-- Records for this task --
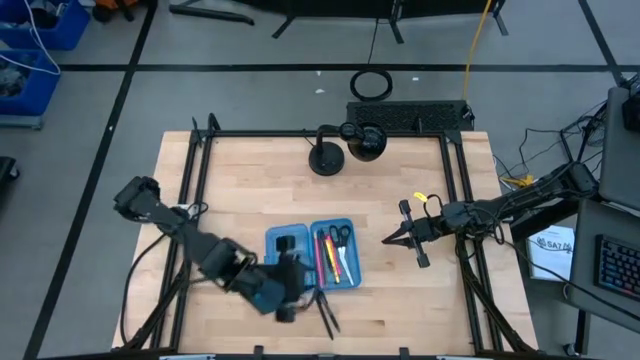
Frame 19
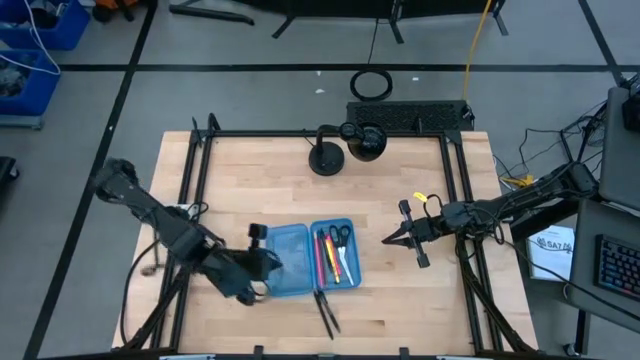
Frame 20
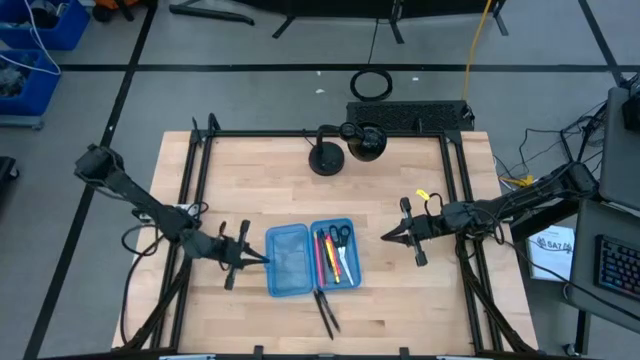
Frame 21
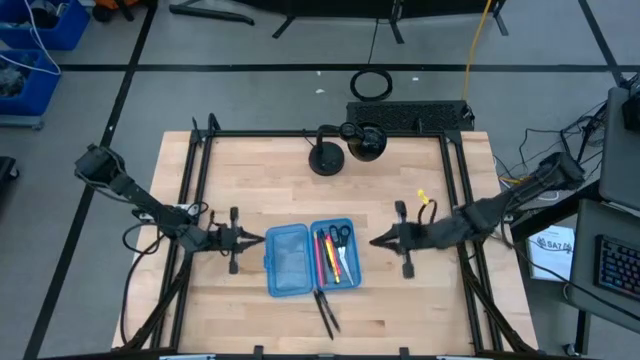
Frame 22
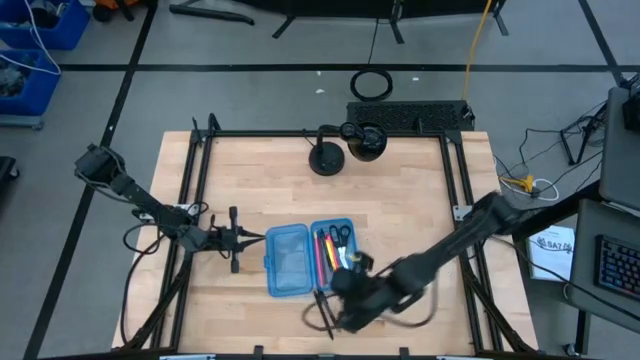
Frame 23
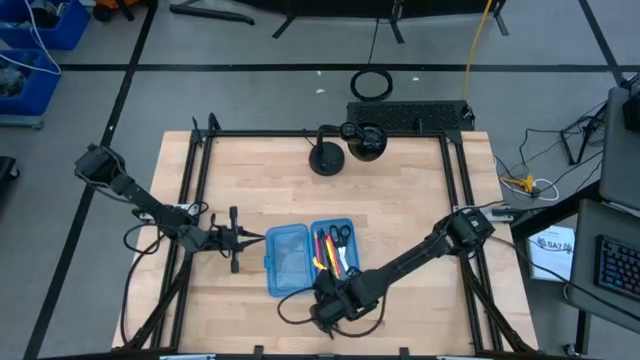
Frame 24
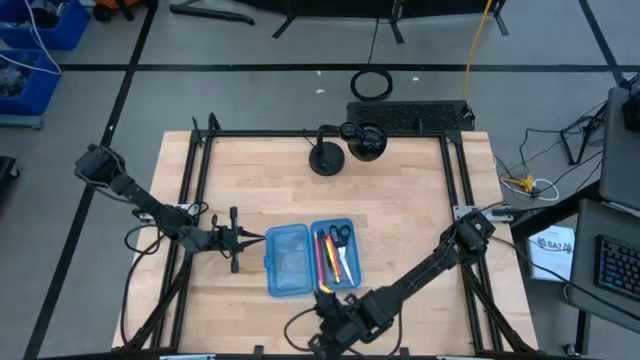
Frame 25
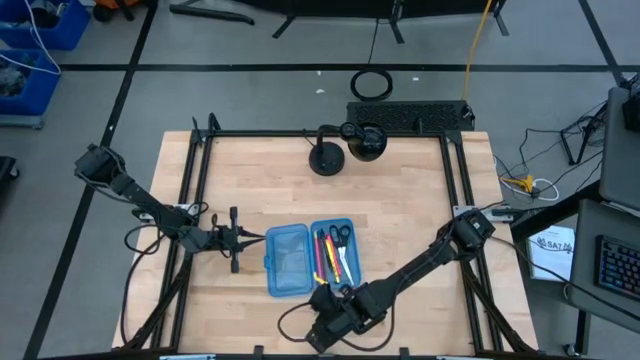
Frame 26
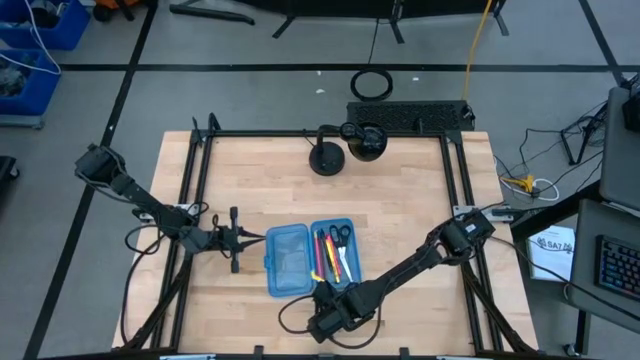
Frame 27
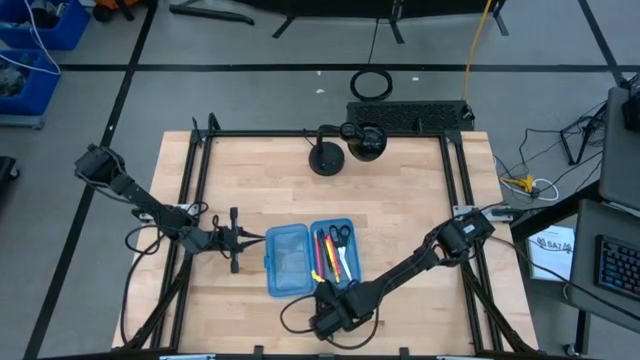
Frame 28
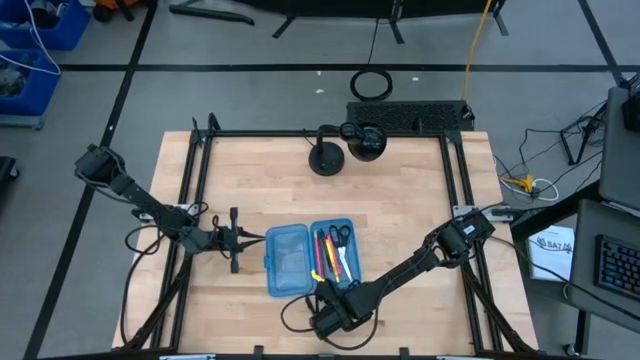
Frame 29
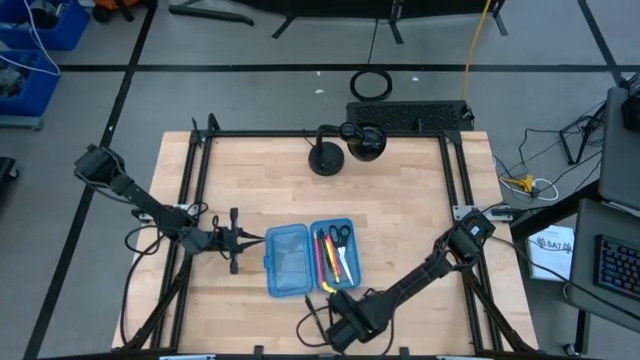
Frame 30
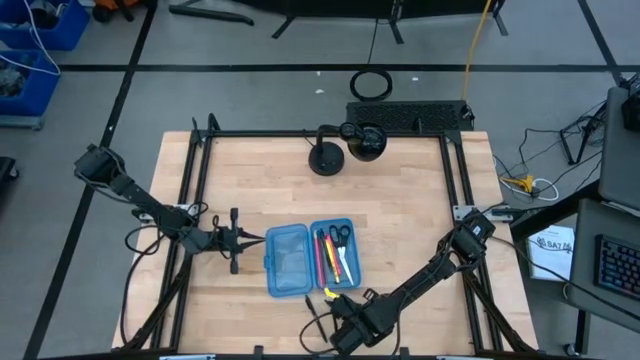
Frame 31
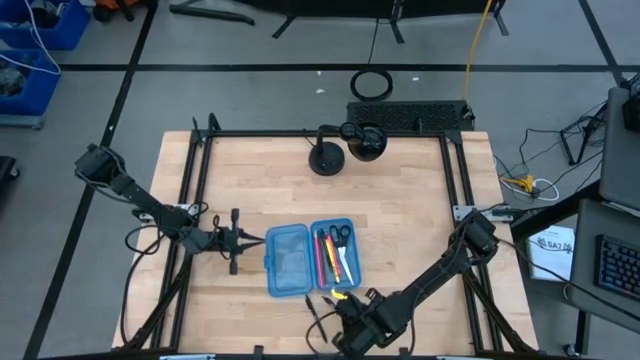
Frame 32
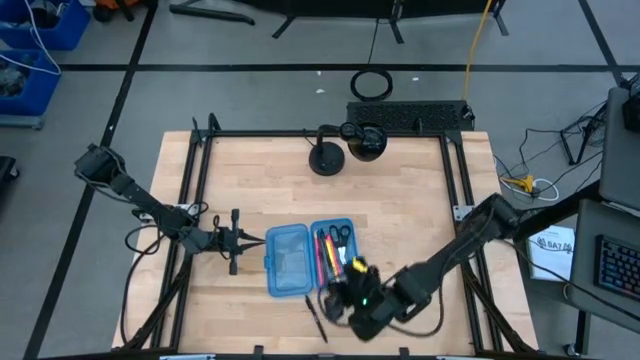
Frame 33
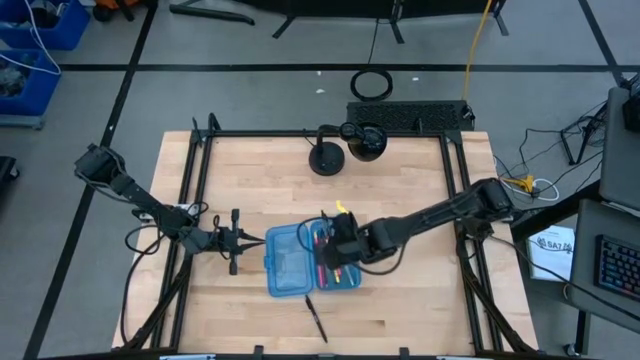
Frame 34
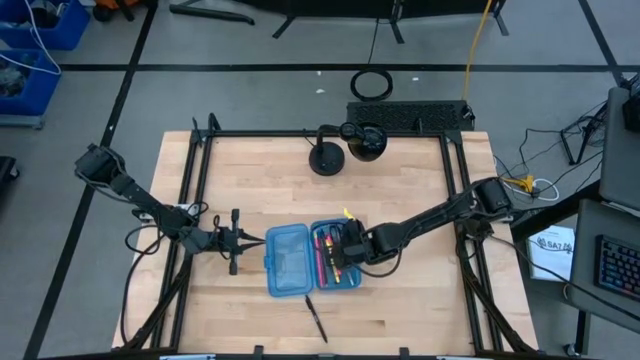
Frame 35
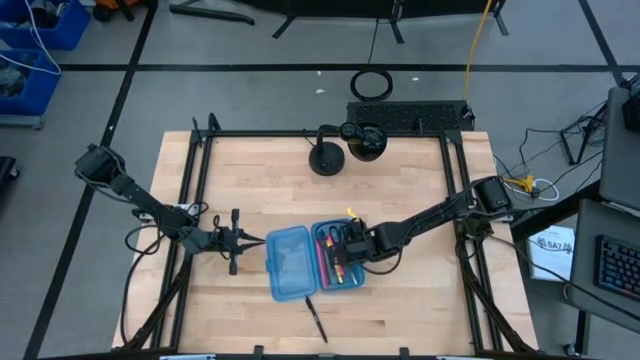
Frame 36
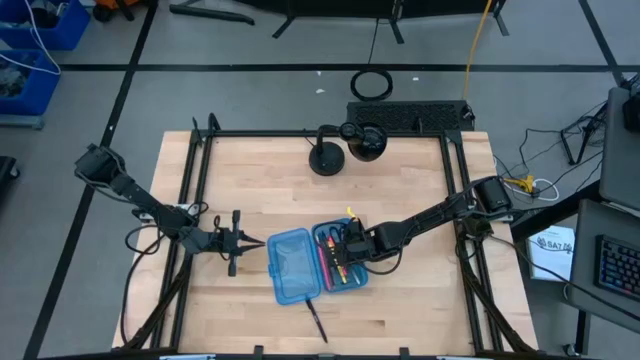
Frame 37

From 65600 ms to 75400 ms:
Put the right black pen into the blue supply box

-- Your instructions --
The answer should be the full material above, printed exactly, with no pictures in it.

-- Solved problem --
Frame 19
Frame 20
Frame 21
Frame 22
Frame 23
Frame 24
Frame 25
Frame 26
Frame 27
Frame 28
Frame 29
Frame 30
Frame 31
Frame 32
Frame 33
Frame 34
Frame 35
Frame 36
Frame 37

From 65600 ms to 75400 ms:
Put the right black pen into the blue supply box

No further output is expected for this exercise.